→ **Directions**
Please retype the data below line for line and leave out every picture.

→ **Records shown**
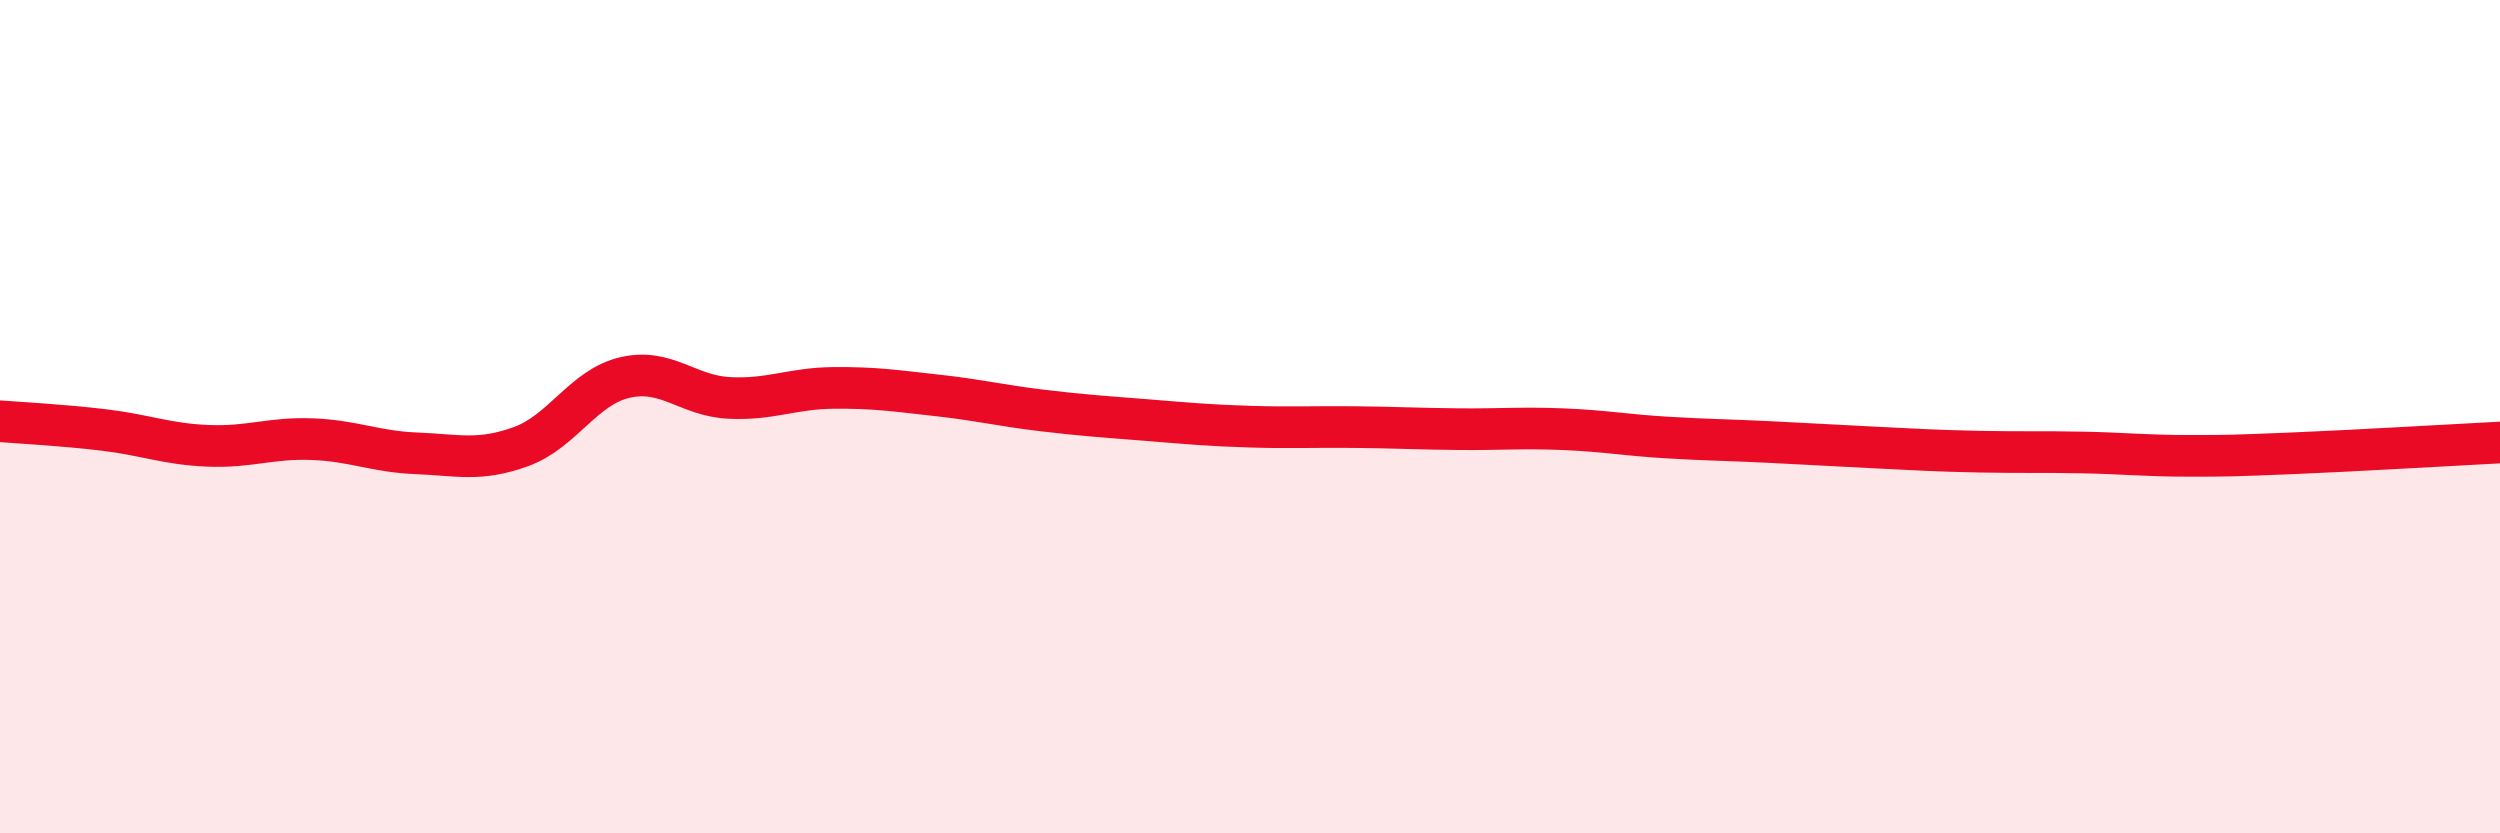 
    <svg width="60" height="20" viewBox="0 0 60 20" xmlns="http://www.w3.org/2000/svg">
      <path
        d="M 0,10.11 C 0.5,10.15 1.5,10.2 2.5,10.32 C 3.5,10.44 4,10.66 5,10.7 C 6,10.74 6.5,10.5 7.5,10.54 C 8.5,10.58 9,10.84 10,10.88 C 11,10.92 11.5,11.08 12.5,10.72 C 13.5,10.36 14,9.29 15,9.06 C 16,8.83 16.5,9.5 17.5,9.55 C 18.5,9.6 19,9.32 20,9.31 C 21,9.3 21.5,9.38 22.5,9.49 C 23.5,9.6 24,9.73 25,9.85 C 26,9.97 26.5,10 27.5,10.08 C 28.5,10.16 29,10.21 30,10.24 C 31,10.27 31.5,10.24 32.5,10.25 C 33.5,10.26 34,10.29 35,10.3 C 36,10.31 36.5,10.26 37.5,10.3 C 38.5,10.34 39,10.44 40,10.5 C 41,10.56 41.5,10.56 42.5,10.61 C 43.5,10.66 44,10.69 45,10.74 C 46,10.79 46.5,10.82 47.5,10.84 C 48.5,10.86 49,10.84 50,10.86 C 51,10.88 51.5,10.94 52.5,10.94 C 53.5,10.94 53.5,10.94 55,10.88 C 56.5,10.82 59,10.67 60,10.62L60 20L0 20Z"
        fill="#EB0A25"
        opacity="0.1"
        stroke-linecap="round"
        stroke-linejoin="round"
      />
      <path
        d="M 0,10.11 C 0.5,10.15 1.5,10.2 2.5,10.32 C 3.5,10.44 4,10.66 5,10.7 C 6,10.74 6.5,10.5 7.5,10.54 C 8.5,10.58 9,10.84 10,10.88 C 11,10.92 11.5,11.08 12.5,10.72 C 13.5,10.36 14,9.29 15,9.06 C 16,8.83 16.5,9.5 17.5,9.55 C 18.5,9.6 19,9.32 20,9.31 C 21,9.3 21.5,9.38 22.5,9.49 C 23.5,9.6 24,9.73 25,9.85 C 26,9.97 26.5,10 27.5,10.08 C 28.5,10.16 29,10.21 30,10.24 C 31,10.27 31.5,10.24 32.5,10.25 C 33.5,10.26 34,10.29 35,10.3 C 36,10.31 36.5,10.26 37.5,10.3 C 38.5,10.34 39,10.44 40,10.5 C 41,10.56 41.5,10.56 42.5,10.61 C 43.5,10.66 44,10.69 45,10.74 C 46,10.79 46.5,10.82 47.5,10.84 C 48.5,10.86 49,10.84 50,10.86 C 51,10.88 51.5,10.94 52.5,10.94 C 53.5,10.94 53.5,10.94 55,10.88 C 56.5,10.82 59,10.67 60,10.62"
        stroke="#EB0A25"
        stroke-width="1"
        fill="none"
        stroke-linecap="round"
        stroke-linejoin="round"
      />
    </svg>

→ **Written answer**
    <svg width="60" height="20" viewBox="0 0 60 20" xmlns="http://www.w3.org/2000/svg">
      <path
        d="M 0,10.11 C 0.5,10.15 1.5,10.2 2.5,10.32 C 3.5,10.44 4,10.66 5,10.7 C 6,10.74 6.5,10.5 7.5,10.54 C 8.5,10.58 9,10.84 10,10.88 C 11,10.92 11.5,11.08 12.5,10.72 C 13.5,10.36 14,9.29 15,9.06 C 16,8.83 16.5,9.5 17.5,9.55 C 18.5,9.6 19,9.32 20,9.31 C 21,9.3 21.5,9.38 22.5,9.49 C 23.5,9.6 24,9.73 25,9.85 C 26,9.97 26.5,10 27.5,10.08 C 28.5,10.16 29,10.21 30,10.24 C 31,10.27 31.5,10.24 32.5,10.25 C 33.5,10.26 34,10.29 35,10.3 C 36,10.31 36.5,10.26 37.5,10.3 C 38.5,10.34 39,10.44 40,10.5 C 41,10.56 41.5,10.56 42.5,10.61 C 43.5,10.66 44,10.69 45,10.74 C 46,10.79 46.5,10.82 47.5,10.84 C 48.5,10.86 49,10.84 50,10.86 C 51,10.88 51.5,10.94 52.5,10.94 C 53.5,10.94 53.5,10.94 55,10.88 C 56.5,10.82 59,10.67 60,10.62L60 20L0 20Z"
        fill="#EB0A25"
        opacity="0.1"
        stroke-linecap="round"
        stroke-linejoin="round"
      />
      <path
        d="M 0,10.11 C 0.5,10.15 1.5,10.2 2.5,10.32 C 3.5,10.44 4,10.66 5,10.7 C 6,10.74 6.5,10.5 7.5,10.54 C 8.5,10.58 9,10.84 10,10.88 C 11,10.92 11.5,11.08 12.5,10.72 C 13.5,10.36 14,9.29 15,9.06 C 16,8.83 16.5,9.5 17.5,9.55 C 18.5,9.6 19,9.32 20,9.31 C 21,9.3 21.5,9.38 22.5,9.49 C 23.5,9.6 24,9.73 25,9.85 C 26,9.97 26.5,10 27.5,10.08 C 28.5,10.16 29,10.21 30,10.24 C 31,10.27 31.5,10.24 32.5,10.25 C 33.5,10.26 34,10.29 35,10.3 C 36,10.31 36.5,10.26 37.5,10.3 C 38.5,10.34 39,10.44 40,10.5 C 41,10.56 41.5,10.56 42.5,10.61 C 43.5,10.66 44,10.69 45,10.74 C 46,10.79 46.5,10.82 47.5,10.84 C 48.5,10.86 49,10.84 50,10.86 C 51,10.88 51.5,10.94 52.5,10.94 C 53.5,10.94 53.5,10.94 55,10.88 C 56.5,10.82 59,10.67 60,10.62"
        stroke="#EB0A25"
        stroke-width="1"
        fill="none"
        stroke-linecap="round"
        stroke-linejoin="round"
      />
    </svg>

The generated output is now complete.